Smart Card Standards and Specifications
A number of standards and specifications are relevant for smart card implementations, with some focused on industry-specific applications. A summary of the standards bodies and different smart card standards and specifications is presented below.
ISO/IEC is one of the worldwide standard-setting bodies for technology, including plastic cards. The primary standards for smart cards are ISO/IEC 7816, ISO/IEC 14443, ISO/IEC 15693 and ISO/IEC 7501.
- ISO/IEC 7816 is a multi-part international standard broken into fourteen parts. ISO/IEC 7816 Parts 1, 2 and 3 deal only with contact smart cards and define the various aspects of the card and its interfaces, including the card’s physical dimensions, the electrical interface and the communications protocols. ISO/IEC 7816 Parts 4, 5, 6, 8, 9, 11, 13 and 15 are relevant to all types of smart cards (contact as well as contactless). They define the card logical structure (files and data elements), various commands used by the application programming interface for basic use, application management, biometric verification, cryptographic services and application naming. ISO/IEC 7816 Part 10 is used by memory cards for applications such as pre-paid telephone cards or vending machines. ISO/IEC 7816 Part 7 defines a secure relational database approach for smart cards based on the SQL interfaces (SCQL).

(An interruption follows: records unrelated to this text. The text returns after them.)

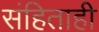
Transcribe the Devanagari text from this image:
संहिताही
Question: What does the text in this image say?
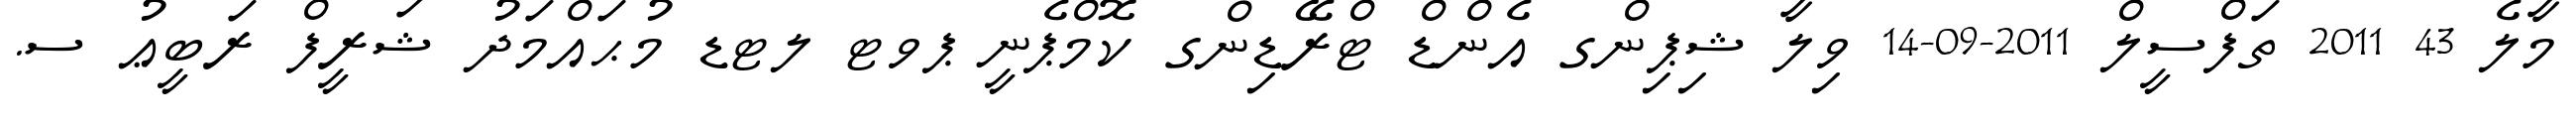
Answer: މާލެ 43 2011 ތަފްސީލް 2011-09-14 ވިލާ ޝިޕިންގ އެންޑް ޓްރޭޑިންގ ކޮމްޕެނީ ޕވޓ ލޓޑ މުޙައްމަދު ޝަރީފް ރަބީޢު ސ.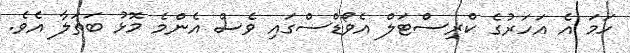
ހަމަ އެ އަހަރުގެ ކްރިސްޓަލް އެވޯޑްސްގައި ވެސް އެންމެ މޮޅު ބަތަލާ އެވެ.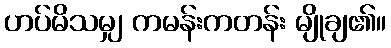
ဟပ်မိသမျှ ကမန်းကတန်း မျိုချ၏။

- ISO/IEC 14443 is an international standard that defines the interfaces to a “close proximity” contactless smart card, including the radio frequency (RF) interface, the electrical interface, and the communications and anti-collision protocols. ISO/IEC 14443 compliant cards operate at 13.56 MHz and have an operational range of up to 10 centimeters (3.94 inches). ISO/IEC 14443 is the primary contactless smart card standard being used for transit, financial, and access control applications. It is also used in electronic passports and in the FIPS 201 PIV card.
- ISO/IEC 15693 describes standards for “vicinity” cards. Specifically, it establishes standards for the physical characteristics, radio frequency power and signal interface, and anticollision and transmission protocol for vicinity cards that operate to a maximum of 1 meter (approximately 3.3 feet).

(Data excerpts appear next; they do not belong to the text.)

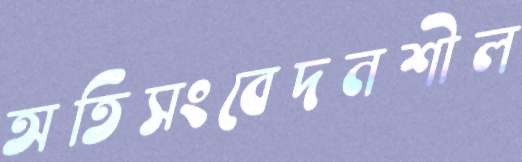
অতিসংবেদনশীল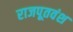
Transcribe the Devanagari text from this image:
राजपूतवंश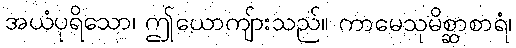
အယံပုရိသော၊ ဤယောကျ်ားသည်။ ကာမေသုမိစ္ဆာစာရံ၊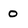
Character: 0

- ISO/IEC 7501 describes standards for machine-readable travel documents and has made a clear recommendation on smart card topology.

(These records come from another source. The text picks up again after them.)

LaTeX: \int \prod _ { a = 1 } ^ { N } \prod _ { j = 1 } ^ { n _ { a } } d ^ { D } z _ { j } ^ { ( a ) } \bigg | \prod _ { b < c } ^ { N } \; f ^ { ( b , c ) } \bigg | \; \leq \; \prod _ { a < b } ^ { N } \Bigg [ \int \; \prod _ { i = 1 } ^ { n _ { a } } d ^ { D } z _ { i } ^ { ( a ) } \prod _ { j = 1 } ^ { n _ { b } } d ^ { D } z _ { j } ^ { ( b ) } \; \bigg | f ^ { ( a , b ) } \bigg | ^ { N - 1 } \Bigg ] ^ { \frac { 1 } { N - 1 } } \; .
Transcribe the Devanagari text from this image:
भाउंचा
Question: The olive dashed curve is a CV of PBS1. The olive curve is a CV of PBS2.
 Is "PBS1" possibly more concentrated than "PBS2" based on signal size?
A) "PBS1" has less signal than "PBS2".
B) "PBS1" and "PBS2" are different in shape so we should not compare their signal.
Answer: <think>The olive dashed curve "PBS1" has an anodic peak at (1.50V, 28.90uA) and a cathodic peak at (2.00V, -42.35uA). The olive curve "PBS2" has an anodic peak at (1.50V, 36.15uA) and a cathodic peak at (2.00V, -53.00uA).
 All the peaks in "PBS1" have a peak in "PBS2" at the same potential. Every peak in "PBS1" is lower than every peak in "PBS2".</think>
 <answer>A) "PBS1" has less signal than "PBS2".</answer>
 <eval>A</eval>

While not a smart card standard, the Near Field Communication (NFC) standard, ISO/IEC 18092, is an important contactless technology standard that is expected to be integrated into mobile phones and other devices.
- ISO/IEC 18092 (also ECMA-340) defines communication modes for Near Field Communication Interface and Protocol (NFCIP-1) using inductive coupled devices operating at the center frequency of 13,56 MHz for interconnection of computer peripherals. ISO/IEC 18092 allows backward compatibility with existing contactless devices by supporting ISO/IEC 14443 Type A, and the Japanese Industrial Standard (JIS) X 6319-4 (also known as FeliCa, see Section 126.96.36.199) contactless interface protocols.
- The NFC Forum defines NFC tag formats, data record formats, and other technical specifications to ensure interoperability among devices and services.
In addition, ISO/IEC 24727 is a multi-part standard aimed at achieving interoperability among various smart card systems. The goal is to provide the necessary interfaces and services to enable interoperability among divergent systems, with a particular focus on identification, authentication, and signature services, and removing the dependence on vendor specific implementations. ISO/IEC 24727 is a set of programming interfaces for interactions between integrated circuit cards (ICCs) and external applications, including generic services for multi-sector use. The organization and the operation of the ICC conform to ISO/IEC 7816-4.
As a result of Homeland Security Presidential Directive 12 (HSPD-12), issued by President George W. Bush on August 27, 2004, NIST published Federal Information Processing Standard Publication 201 (FIPS 201), Personal Identity Verification (PIV) of Federal Employees and Contractors, on February 25, 2005. FIPS 201 provides the specifications for a standard Federal smart ID card, called the PIV card, that must be used for both physical and logical access and can be used for other applications as determined by individual agencies. The PIV card is a smart card with both contact and contactless interfaces. Government agencies are currently implementing FIPS 201-compliant systems.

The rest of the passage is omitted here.